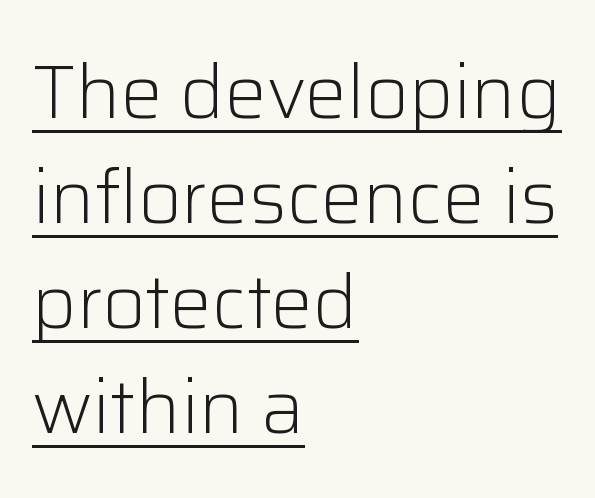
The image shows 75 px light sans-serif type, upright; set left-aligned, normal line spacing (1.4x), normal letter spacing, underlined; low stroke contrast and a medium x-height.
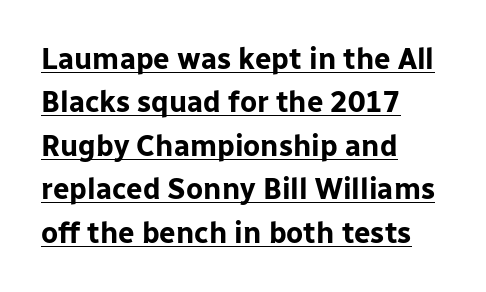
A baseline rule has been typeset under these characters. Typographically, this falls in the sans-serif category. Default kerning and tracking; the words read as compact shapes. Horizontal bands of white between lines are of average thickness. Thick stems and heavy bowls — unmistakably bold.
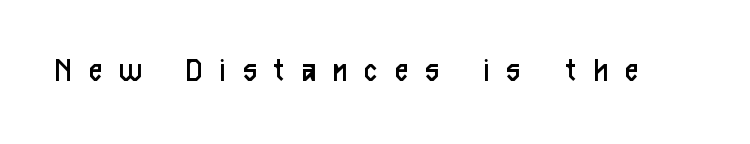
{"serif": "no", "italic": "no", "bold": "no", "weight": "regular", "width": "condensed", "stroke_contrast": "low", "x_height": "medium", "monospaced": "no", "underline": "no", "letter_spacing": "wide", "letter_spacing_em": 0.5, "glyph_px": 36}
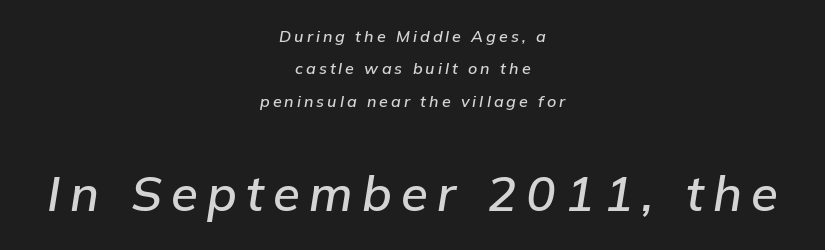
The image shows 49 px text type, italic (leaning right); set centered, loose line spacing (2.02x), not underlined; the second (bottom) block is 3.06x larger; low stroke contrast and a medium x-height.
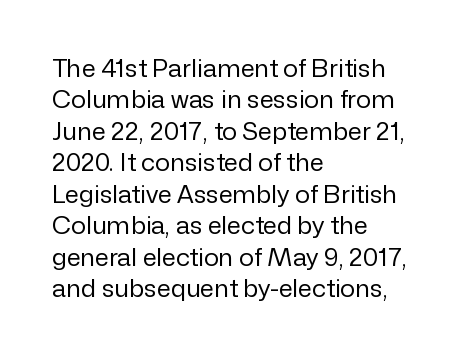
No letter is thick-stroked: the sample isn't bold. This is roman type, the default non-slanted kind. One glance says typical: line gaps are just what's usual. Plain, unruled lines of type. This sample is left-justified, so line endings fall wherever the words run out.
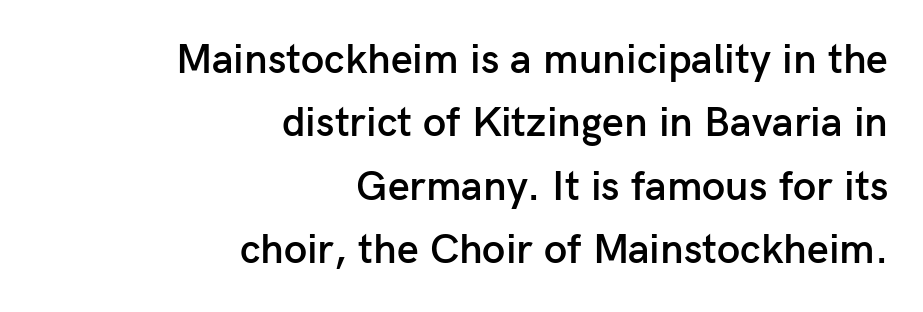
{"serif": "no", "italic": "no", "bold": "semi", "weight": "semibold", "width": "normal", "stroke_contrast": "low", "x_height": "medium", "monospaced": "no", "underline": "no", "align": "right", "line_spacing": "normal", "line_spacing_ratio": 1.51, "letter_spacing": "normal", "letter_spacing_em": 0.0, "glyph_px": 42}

▶ _Required work_: Print the listing exactly, but skip its pictures.

▶ _Exercise answer_:
The image shows 75 px light sans-serif type, upright; set left-aligned, normal line spacing (1.4x), normal letter spacing, underlined; low stroke contrast and a medium x-height.
A baseline rule has been typeset under these characters. Typographically, this falls in the sans-serif category. Default kerning and tracking; the words read as compact shapes. Horizontal bands of white between lines are of average thickness. Thick stems and heavy bowls — unmistakably bold.
{"serif": "no", "italic": "no", "bold": "no", "weight": "regular", "width": "condensed", "stroke_contrast": "low", "x_height": "medium", "monospaced": "no", "underline": "no", "letter_spacing": "wide", "letter_spacing_em": 0.5, "glyph_px": 36}
The image shows 49 px text type, italic (leaning right); set centered, loose line spacing (2.02x), not underlined; the second (bottom) block is 3.06x larger; low stroke contrast and a medium x-height.
No letter is thick-stroked: the sample isn't bold. This is roman type, the default non-slanted kind. One glance says typical: line gaps are just what's usual. Plain, unruled lines of type. This sample is left-justified, so line endings fall wherever the words run out.
{"serif": "no", "italic": "no", "bold": "semi", "weight": "semibold", "width": "normal", "stroke_contrast": "low", "x_height": "medium", "monospaced": "no", "underline": "no", "align": "right", "line_spacing": "normal", "line_spacing_ratio": 1.51, "letter_spacing": "normal", "letter_spacing_em": 0.0, "glyph_px": 42}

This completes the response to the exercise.